PROBLEM DETAILS ::
Scan the listing and copy each line where the word "first" is present.

RECORD EXCERPTS ::
┄┄┄┄┄┄┄┄┄┄

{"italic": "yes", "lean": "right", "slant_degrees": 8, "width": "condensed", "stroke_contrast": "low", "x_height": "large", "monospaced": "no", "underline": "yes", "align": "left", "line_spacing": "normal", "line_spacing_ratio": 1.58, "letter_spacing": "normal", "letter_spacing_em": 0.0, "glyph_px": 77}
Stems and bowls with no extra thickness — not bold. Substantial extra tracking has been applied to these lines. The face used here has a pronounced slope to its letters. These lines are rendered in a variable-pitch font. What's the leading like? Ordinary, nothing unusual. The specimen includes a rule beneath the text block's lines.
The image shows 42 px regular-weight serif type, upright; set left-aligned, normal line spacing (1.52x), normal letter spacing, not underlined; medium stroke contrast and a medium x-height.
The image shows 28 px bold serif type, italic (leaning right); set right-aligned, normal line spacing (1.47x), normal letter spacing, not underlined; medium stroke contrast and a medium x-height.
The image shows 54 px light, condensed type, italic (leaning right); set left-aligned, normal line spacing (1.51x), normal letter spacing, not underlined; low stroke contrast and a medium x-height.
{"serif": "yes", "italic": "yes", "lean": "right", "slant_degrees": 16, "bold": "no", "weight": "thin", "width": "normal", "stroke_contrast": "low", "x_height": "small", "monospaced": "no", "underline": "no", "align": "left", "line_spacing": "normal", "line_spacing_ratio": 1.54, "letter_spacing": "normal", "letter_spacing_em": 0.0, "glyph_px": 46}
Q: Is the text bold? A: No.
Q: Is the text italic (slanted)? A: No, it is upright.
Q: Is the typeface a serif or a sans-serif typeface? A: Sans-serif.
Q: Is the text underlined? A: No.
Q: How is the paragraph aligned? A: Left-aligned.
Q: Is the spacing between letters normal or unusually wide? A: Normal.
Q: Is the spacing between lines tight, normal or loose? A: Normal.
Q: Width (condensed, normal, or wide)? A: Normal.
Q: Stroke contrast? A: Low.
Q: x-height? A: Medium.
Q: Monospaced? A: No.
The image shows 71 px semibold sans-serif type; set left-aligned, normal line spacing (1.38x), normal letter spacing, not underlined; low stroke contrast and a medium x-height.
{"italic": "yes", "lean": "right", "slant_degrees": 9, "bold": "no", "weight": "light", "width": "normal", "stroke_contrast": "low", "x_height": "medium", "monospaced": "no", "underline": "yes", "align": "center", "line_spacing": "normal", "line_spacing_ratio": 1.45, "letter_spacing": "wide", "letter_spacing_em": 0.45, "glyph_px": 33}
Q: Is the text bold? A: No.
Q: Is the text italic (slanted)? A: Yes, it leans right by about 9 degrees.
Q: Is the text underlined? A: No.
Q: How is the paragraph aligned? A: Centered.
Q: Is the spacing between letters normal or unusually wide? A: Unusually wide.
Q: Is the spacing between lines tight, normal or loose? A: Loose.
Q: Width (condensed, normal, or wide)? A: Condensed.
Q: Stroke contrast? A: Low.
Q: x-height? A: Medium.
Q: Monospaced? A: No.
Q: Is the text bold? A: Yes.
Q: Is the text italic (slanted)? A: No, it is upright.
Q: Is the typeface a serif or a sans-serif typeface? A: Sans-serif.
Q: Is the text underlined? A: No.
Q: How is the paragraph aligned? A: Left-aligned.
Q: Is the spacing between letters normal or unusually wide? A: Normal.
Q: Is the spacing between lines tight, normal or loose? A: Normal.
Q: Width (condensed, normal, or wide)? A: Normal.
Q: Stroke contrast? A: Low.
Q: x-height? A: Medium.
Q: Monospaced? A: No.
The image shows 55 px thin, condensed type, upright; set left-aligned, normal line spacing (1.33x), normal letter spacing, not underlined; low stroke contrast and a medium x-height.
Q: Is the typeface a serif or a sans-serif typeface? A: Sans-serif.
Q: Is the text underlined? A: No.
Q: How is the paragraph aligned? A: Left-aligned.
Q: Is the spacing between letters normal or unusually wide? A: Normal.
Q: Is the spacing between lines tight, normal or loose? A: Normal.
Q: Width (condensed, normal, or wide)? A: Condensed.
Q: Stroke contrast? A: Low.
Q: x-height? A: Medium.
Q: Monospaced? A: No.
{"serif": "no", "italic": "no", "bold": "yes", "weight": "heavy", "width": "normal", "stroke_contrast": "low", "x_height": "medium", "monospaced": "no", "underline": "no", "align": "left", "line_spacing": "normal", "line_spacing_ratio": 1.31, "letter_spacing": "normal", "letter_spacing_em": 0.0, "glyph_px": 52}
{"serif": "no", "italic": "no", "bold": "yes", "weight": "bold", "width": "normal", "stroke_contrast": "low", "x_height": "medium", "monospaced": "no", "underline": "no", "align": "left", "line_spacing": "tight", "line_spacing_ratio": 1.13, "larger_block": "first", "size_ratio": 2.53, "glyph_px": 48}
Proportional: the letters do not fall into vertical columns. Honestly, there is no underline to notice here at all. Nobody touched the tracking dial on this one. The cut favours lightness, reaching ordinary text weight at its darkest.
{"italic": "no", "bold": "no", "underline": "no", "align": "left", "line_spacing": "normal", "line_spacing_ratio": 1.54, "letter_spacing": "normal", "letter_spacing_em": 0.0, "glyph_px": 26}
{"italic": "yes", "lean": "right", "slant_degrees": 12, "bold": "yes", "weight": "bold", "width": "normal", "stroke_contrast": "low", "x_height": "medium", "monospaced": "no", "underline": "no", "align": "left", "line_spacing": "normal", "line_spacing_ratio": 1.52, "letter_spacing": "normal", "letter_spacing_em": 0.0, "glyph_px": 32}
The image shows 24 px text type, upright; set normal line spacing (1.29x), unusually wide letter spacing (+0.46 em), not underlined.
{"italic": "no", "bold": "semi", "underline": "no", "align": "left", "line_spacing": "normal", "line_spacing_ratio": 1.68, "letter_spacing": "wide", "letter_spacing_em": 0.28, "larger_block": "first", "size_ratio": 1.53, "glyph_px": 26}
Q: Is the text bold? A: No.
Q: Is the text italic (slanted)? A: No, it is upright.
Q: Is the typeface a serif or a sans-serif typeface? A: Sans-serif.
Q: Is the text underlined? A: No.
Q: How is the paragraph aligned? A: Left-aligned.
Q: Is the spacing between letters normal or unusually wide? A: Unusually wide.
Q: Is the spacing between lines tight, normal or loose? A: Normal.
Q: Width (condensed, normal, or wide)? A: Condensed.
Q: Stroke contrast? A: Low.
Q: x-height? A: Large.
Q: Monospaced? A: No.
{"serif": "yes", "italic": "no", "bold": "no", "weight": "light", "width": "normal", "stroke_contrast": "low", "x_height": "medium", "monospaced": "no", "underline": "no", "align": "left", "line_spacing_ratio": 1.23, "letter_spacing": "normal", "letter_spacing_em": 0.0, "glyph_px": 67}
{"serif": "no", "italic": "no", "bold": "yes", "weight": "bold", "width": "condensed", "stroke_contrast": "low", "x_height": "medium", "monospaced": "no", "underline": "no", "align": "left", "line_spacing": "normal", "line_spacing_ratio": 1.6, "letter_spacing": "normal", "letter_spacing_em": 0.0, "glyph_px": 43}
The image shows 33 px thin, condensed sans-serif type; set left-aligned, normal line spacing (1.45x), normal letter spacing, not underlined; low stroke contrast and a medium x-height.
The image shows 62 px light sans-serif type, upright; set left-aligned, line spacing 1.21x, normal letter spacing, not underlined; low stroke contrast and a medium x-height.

┄┄┄┄┄┄┄┄┄┄

RESPONSE TO THIS TASK ::
{"serif": "no", "italic": "no", "bold": "yes", "weight": "bold", "width": "normal", "stroke_contrast": "low", "x_height": "medium", "monospaced": "no", "underline": "no", "align": "left", "line_spacing": "tight", "line_spacing_ratio": 1.13, "larger_block": "first", "size_ratio": 2.53, "glyph_px": 48}
{"italic": "no", "bold": "semi", "underline": "no", "align": "left", "line_spacing": "normal", "line_spacing_ratio": 1.68, "letter_spacing": "wide", "letter_spacing_em": 0.28, "larger_block": "first", "size_ratio": 1.53, "glyph_px": 26}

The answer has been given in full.